If it is not possible to administer drugs orally, it can be done via a tube. It is recommended to use drugs available in fluid form. Tablets can also be crushed and dissolved in water or gluocose water.

Experience shows that the use of infusion pumps causes fewer side effects and ensures correct volume and rate.

Bolus supply

Initiation of tube feeding with bolus supply is only recommended

  • if the patient been taking any food until the last 24 hours
  • if the patient is taking some food and requires tube feeding for additional nourishment

It is recommended to use pumps for bolus supply for the first 1–2 days.

Continuous supply

If the patient cannot tolerate bolus supply (vomiting, abdominal discomfort, nausea, diarrhea), reverting to continuous supply should be considered.

Tube feeding should always be administered continuously to very malnourished patients or if the tube end is located distally to the pylorus.

Parenteral ernæring

If the patient has a satisfactory nourishment status, begin with 100% of the requirement.

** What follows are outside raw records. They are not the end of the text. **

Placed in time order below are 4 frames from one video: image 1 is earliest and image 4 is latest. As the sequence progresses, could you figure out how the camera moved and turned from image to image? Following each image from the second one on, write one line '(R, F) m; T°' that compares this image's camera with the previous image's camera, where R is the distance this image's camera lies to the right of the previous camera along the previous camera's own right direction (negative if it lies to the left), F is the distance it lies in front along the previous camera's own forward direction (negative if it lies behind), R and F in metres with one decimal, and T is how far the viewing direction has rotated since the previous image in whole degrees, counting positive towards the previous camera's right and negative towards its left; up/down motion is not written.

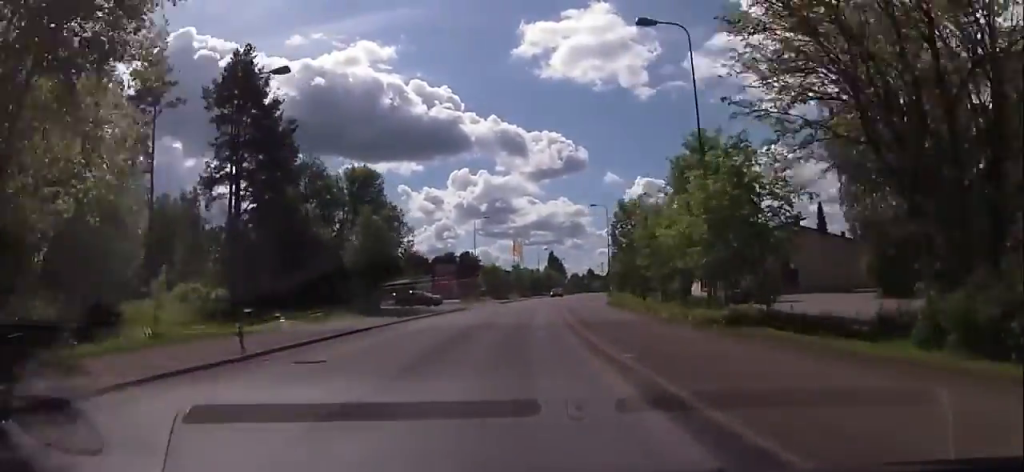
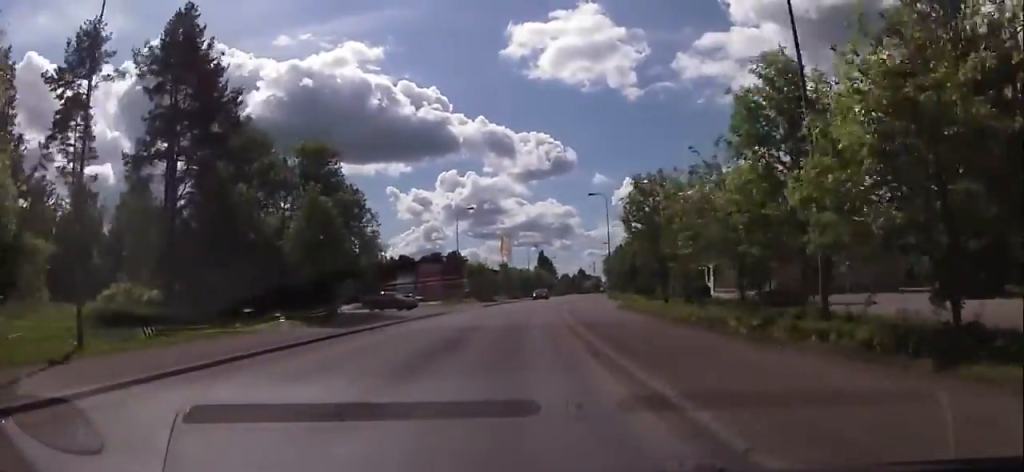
(+0.2, +8.7) m; -1°
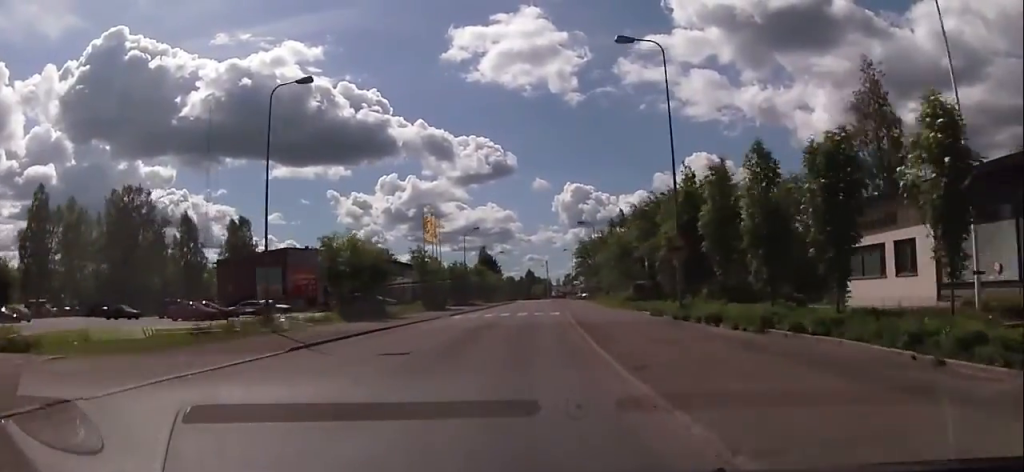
(+2.0, +44.3) m; +7°
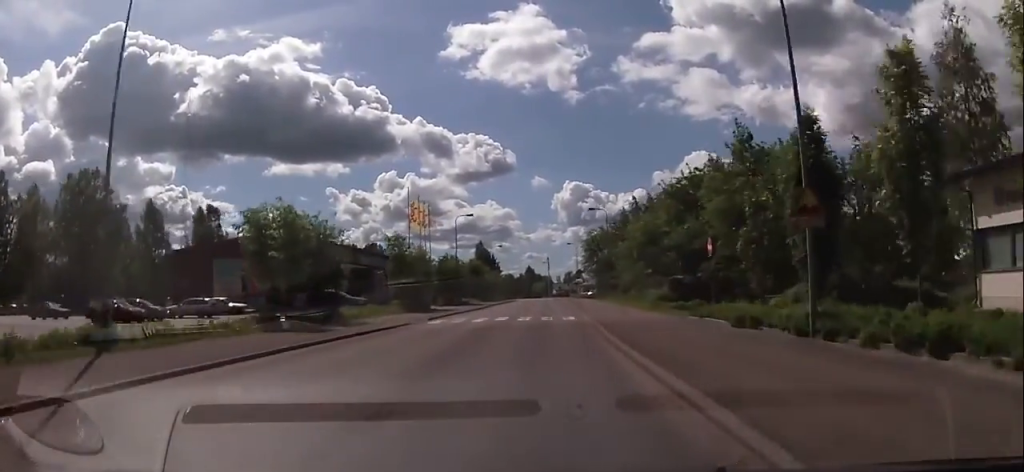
(+0.1, +11.4) m; +1°

If the patient is seriously malnourished and at risk for refeeding syndrome, renourishment should start slowly (10 kcal/kg/day), thereafter increasing slowly to 100% over 4-7 days. 

The patient must be monitored closely in relation to

  • electrolytes (potassium, phosphate and magnesium).
  • infusion rate.
  • twenty-four hour urine sample and fluid balance should be calculated daily.
  • glucose in the blood and urine, and electrolyte in the blood should be examined daily at the start.
  • liver tests, kidney function tests and triglycerides should be taken examined at least once every week.

For TPN treatment longer than 1 month, vitamins and trace elements should be examined.


The patient's nutrition status should be monitored at follow-up visits after the end of treatment.